With Squid, your options include:
1. Squid source code changes. Should not be too difficult and, IMO, a
high-quality implementation would deserve official acceptance because it
is a generally useful feature in line with existing control knobs.
https://wiki.squid-cache.org/SquidFaq/AboutSquid#How_to_add_a_new_Squid_feature.2C_enhance.2C_of_fix_something.3F
2. An adaptation service that removes Cache-Control:no-cache from the
response before Squid processes it:
https://wiki.squid-cache.org/SquidFaq/ContentAdaptation
HTH,
Alex.
> On Wed, Mar 24, 2021 at 6:28 PM Miroslaw Malinowski wrote:
>
> Hi,
>
> You've right yes it's revalidating as API server I'm requesting data
> is setting Cache-Control: no-cache.

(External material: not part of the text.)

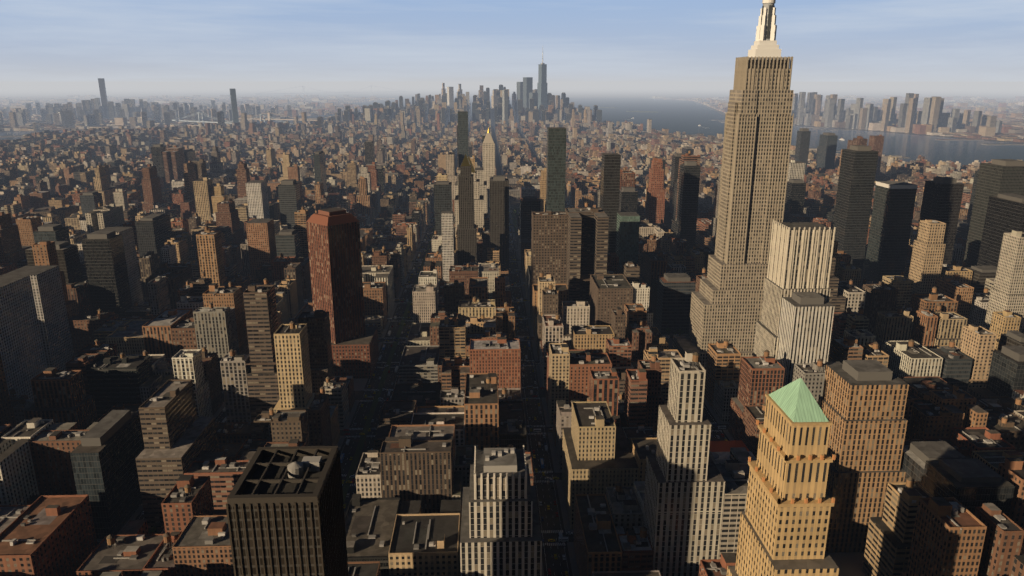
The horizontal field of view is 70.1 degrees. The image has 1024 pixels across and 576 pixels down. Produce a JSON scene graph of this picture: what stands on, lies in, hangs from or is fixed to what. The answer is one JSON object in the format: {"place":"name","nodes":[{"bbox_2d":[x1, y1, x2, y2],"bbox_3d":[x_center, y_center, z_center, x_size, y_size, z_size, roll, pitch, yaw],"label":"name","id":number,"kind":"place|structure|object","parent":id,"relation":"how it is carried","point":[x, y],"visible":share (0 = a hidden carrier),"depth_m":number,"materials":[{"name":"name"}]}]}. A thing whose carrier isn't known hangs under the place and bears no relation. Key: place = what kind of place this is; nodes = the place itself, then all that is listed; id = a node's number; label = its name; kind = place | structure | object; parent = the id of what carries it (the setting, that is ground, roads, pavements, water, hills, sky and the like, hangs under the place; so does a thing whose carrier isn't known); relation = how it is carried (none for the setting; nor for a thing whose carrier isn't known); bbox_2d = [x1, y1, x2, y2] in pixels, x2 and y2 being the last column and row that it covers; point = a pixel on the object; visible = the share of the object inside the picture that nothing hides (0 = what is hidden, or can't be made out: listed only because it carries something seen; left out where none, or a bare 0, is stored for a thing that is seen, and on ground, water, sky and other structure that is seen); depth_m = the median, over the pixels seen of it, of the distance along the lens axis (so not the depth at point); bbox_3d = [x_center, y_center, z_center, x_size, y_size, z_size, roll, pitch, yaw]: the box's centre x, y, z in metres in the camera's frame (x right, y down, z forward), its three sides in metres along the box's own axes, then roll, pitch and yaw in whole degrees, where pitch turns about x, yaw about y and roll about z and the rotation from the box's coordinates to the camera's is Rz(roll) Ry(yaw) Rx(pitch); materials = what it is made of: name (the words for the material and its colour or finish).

My question is how I can force
> squid to cache and not validate as I know it's safe to do so. As
> I've explained earlier we are making the same request and receiving
> the same response from 100+ server so as to reduce number of
> requests to the external server we would like squid to cache the
> response and issue a cached version.
>
> 2021/03/24 18:00:54.867 kid1| 22,3| refresh.cc(351) refreshCheck:
> YES: Must revalidate stale object (origin set no-cache or private)
>
> Mirek
>
> On Wed, Mar 24, 2021 at 6:15 PM Alex Rousskov
> <rousskov@xxxxxxxxxxxxxxxxxxxxxxx
> <mailto:rousskov@xxxxxxxxxxxxxxxxxxxxxxx>> wrote:
>
> On 3/24/21 12:48 PM, Miroslaw Malinowski wrote:
>
> > Probably, me missing on something silly or it can't be done
> but I don't
> > know why but squid won't return the cached version even when I
> turn all
> > override options ON in refresh_pattern.
>
> AFAICT, no configuration options that can disable revalidation of
> Cache-Control:no-cache responses. refresh_pattern does not have an
> (equivalent of) "ignore-no-cache-in-responses" option.
>
> IIRC, older Squids were violating an HTTP MUST by forgetting to
> revalidate Cache-Control:no-cache responses, but that was fixed
> in [1].
> Your Squid version has that fix.
>
> [1]
> https://github.com/squid-cache/squid/commit/fa83b766a208b27abed8da4c9073cf8784cf10fa
> <https://github.com/squid-cache/squid/commit/fa83b766a208b27abed8da4c9073cf8784cf10fa>
>
>
> > With debug, I can see the rule is matched and the cache is
> fresh but
> > still in access.log is TCP_REFRESH_MODIFIED
>
> > 2021-03-24T15:04:34 squid .710 kid1| 11,3| http.cc(982)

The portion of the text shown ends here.